U50,488 induced KOR translocation into cells in the VTA. KtdT/KtdT mice were injected subcutaneously with the agonist U50,488 at 5 mg/kg or vehicle (n = 4 each); 30 min later, mice were anesthetized and perfused and coronal sections containing the VTA were processed for IHC for KtdT (red) and ribosomal protein S6 used to define cytosol space (green). A, Macro view of the region containing VTA and PAG. The image was acquired with a 10× objective on confocal microscope. The dotted circles define the area where KtdT neurons were selected for analysis. B, Vehicle group: KtdT in VTA neurons (marked by arrows) are clearly observed as red sharp outlines (most likely in cell membranes).

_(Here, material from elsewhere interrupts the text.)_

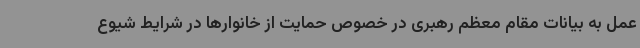
عمل به بیانات مقام معظم رهبری در خصوص حمایت از خانوارها در شرایط شیوع

The image is a single focal plane of a Z-stack acquired with a 60× objective on confocal microscope. C, U50,488 group: the image was obtained similarly as in B. Note that U50,488-induced KtdT translocation in KtdT neurons are evidenced by simultaneously exhibiting broken and dotted KtdT surface outlines and punctate staining in cytosol space as contrasted by S6 staining. D, KtdT translocation was quantified with the method described in Extended Data Figure 8-1 and shown as graph. Each value represents mean ± SEM (n = 4). Data were analyzed with Student’s t test; ****p < 0.0001.